Equipment capabilities

Military equipment must first and foremost work, especially in the field. New technologies and materials are aimed primarily at increasing reliability, safety, and performance. Alternative forms of energy and new materials could therefore be considered for powering or producing equipment, weapons, and structures if they are reliable, sufficiently available, and financially viable. However, since sustainable products have so far hardly come close to the values of conventional ones, some time and research will be needed before we go into the field with climate-friendly equipment. So, for the time being, few savings are possible here.

On the Military:

One approach from Switzerland can be adopted by every military in the world: renovate their own existing properties in terms of energy, upgrade them in terms of alternative energy production and use sustainable materials to build facilities within the own country. Civilian equipment that is only needed domestically could also be converted to technologies such as electricity or hydrogen. Waste heat from data centres could be used to heat the barracks. Water treatment plants could make the water reusable for cleaning the equipment.

It becomes more difficult when we talk about possibilities for combat equipment or operations. One thing is for sure: the possibilities to act in a climate-friendly way during operations are quite small. The safety of the soldiers and the availability and reliability of military material are too important. Here, damage to the environment and excessive CO2 emissions can only be prevented through more sustainable products, more sophisticated supply chains and proactive and considered action. The same applies to manoeuvres – no military in the world would sacrifice the practice of real-life scenarios for the sake of the climate. At the same time, the question arises whether interdepartmental political pressure for more climate protection would naturally limit the military’s deployments, especially if the damages to the climate were priced in. War would thus become even more expensive than it already is.

In addition, there is the issue of stability and peace. Can states afford to be less militarily active in the wake of increasing terrorist activities and conflicts, for the sake of the climate? Or could less military activity by states for the good of the environment even reduce conflicts?

Here, too, many states cannot be stopped from playing the war game, either because they think they must be the world’s police or out of pure self-interest. In this context, it is also clear that a state, even if it is not globally militarily active, needs certain capacities for self-protection. 

 

What is Possible?

Ultimately, there will be no carbon-neutral military missions in the foreseeable future. And that has to do with the fact that security is non-negotiable. If you want it, you must invest, no matter what it costs. It has to work, no matter how. And that is precisely the expectation states have on the arms industry. In addition, most citizens have not yet liked climate protection to the military. For them, too, the primary consideration is that the army must do its job.

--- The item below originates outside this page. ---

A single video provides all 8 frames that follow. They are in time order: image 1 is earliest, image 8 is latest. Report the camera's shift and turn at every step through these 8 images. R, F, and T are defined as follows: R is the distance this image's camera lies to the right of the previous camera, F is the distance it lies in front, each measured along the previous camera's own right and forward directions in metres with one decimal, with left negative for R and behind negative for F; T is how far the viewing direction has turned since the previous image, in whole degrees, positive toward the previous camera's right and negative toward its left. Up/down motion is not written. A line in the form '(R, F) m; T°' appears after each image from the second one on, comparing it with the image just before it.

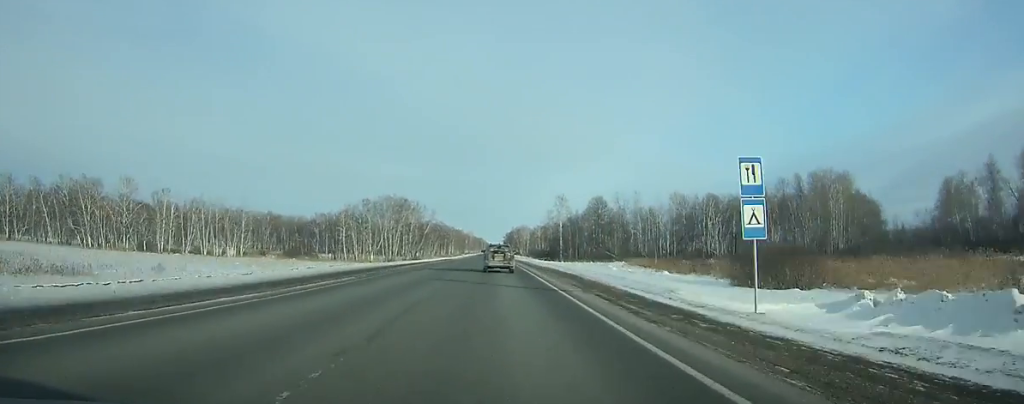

If states do not consider carbon-neutral armies relevant or possible and societies are not aware of the environmental damage caused by the military, CO2 emissions and other environmental destruction caused by the military will not change nor will any progress towards a sustainable military be made. Neither will that of the arms industry. The greatest potential at present lies in those measures that the military can take domestically. There is some hope in efforts towards military sustainability, like those of Switzerland or the first attempts by the German research organisation Atmosfair to produce CO2 neutral fuel in larger quantities. However, there is still a long way to go.